A view of the U.S. Capitol in Washington, D.C., on June 25, 2026. President Donald Trump jolted Republicans during a fiery appearance at the U.S. Capitol on Wednesday, scrapping a housing bill signing ceremony and clashing behind closed doors with a party rebel who challenged him over the Iran war. Trump had been expected to sign the bipartisan housing.
Only Trump doesn’t care about housing
It was August 15, 2024. Then candidate Donald Trump stepped out of his Bedminster, New Jersey, golf club’s columned clubhouse to a gaggle of reporters. He was flanked by tables of groceries and signs showing the rising cost of food. Also on one of the tables was a dollhouse, meant to represent the equally alarming rise in housing prices.
It was a speech about the economy, the single most important issue of the 2024 election cycle, full of promises that went right to the heart of Americans’ anxieties. While former President Joe Biden and then Vice President Kamala Harris were contorting themselves to posture a good economy that just needed more time to recover from the pandemic, Trump was preying on voters’ very real fears of unaffordable gas, groceries, and homes. It was obviously a winning message.
In that speech, Trump promised, “We’re going to open up tracts of federal land for housing construction. We desperately need housing for people who can’t afford what’s going on now.”
As of mid-2023, there had been a housing shortage of nearly four million homes, according to the National Association of Realtors. Americans all over the country were either priced out of buying new homes due to low inventory, trapped in their existing homes by sky-high mortgage rates, or facing exorbitant rent hikes thanks to corporate investors buying up rental properties. Americans needed help, and Trump promised it.
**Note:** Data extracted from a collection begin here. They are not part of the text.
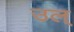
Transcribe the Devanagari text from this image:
उल्‌
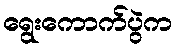
ရွေးကောက်ပွဲက
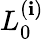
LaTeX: L_{0}^{(\mathbf{i})}
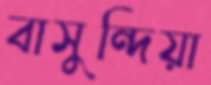
বাসুন্দিয়া
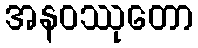
အနဝဿုတော
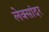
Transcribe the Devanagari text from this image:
लेक्सांदर

Cut to March of 2026, when Trump reportedly told House Speaker Mike Johnson, “No one gives a sh*t about housing.”
That kind of thinking may explain why Trump this week suddenly announced he was canceling a signing ceremony for the bipartisan “21st Century ROAD to Housing Act,” a housing bill co-sponsored by Sens. Elizabeth Warren and Tim Scott that passed the House 358-32 and was approved in the Senate on Monday.
Trump instead demanded Congress pass the SAVE America Act, his controversial election grievance bill that doesn’t have enough Republican support to get passed in the Senate.
It’s just the latest in a line of policy self-owns where Trump has seemingly intentionally made life more difficult for Republicans hoping to keep their majority. Despite midterm elections occurring in the midst of a blistering economy and an unpopular war, they were surely hoping the housing bill would give them something — anything — to brag about when they returned home to their districts.
And very much to the contrary, Americans do give a sh*t about housing. According to a recent survey by the Bipartisan Policy Center, a whopping 79% say the cost of housing is extremely or very important to them. Eighty-three percent say Congress should take action on the issue — like it just did. Eighty-nine percent say the House and Senate need to work together to pass affordable housing legislation — like they just did. And 63% say they would be more likely to vote for a lawmaker if they helped pass legislation to build more affordable homes and lower housing costs — like they just did.
There aren’t many issues that unite Americans like housing does, and very few bipartisan policy wins Congress can point to, and yet, Trump is holding that bill hostage in order to get his pet project — which doesn’t even have the support of his own party — pushed through.
If you’re trying to make sense of something so nonsensical, as I’m sure many Republican lawmakers are, it’s certainly sad but not actually all that complicated. Trump said what he needed to get reelected and then promptly abandoned his promises in order to pursue his own self-interests, even if those interests are bad for Republicans and bad for voters.
That’s just the kind of guy he is.
S.E. Cupp is the host of "S.E. Cupp Unfiltered" on CNN.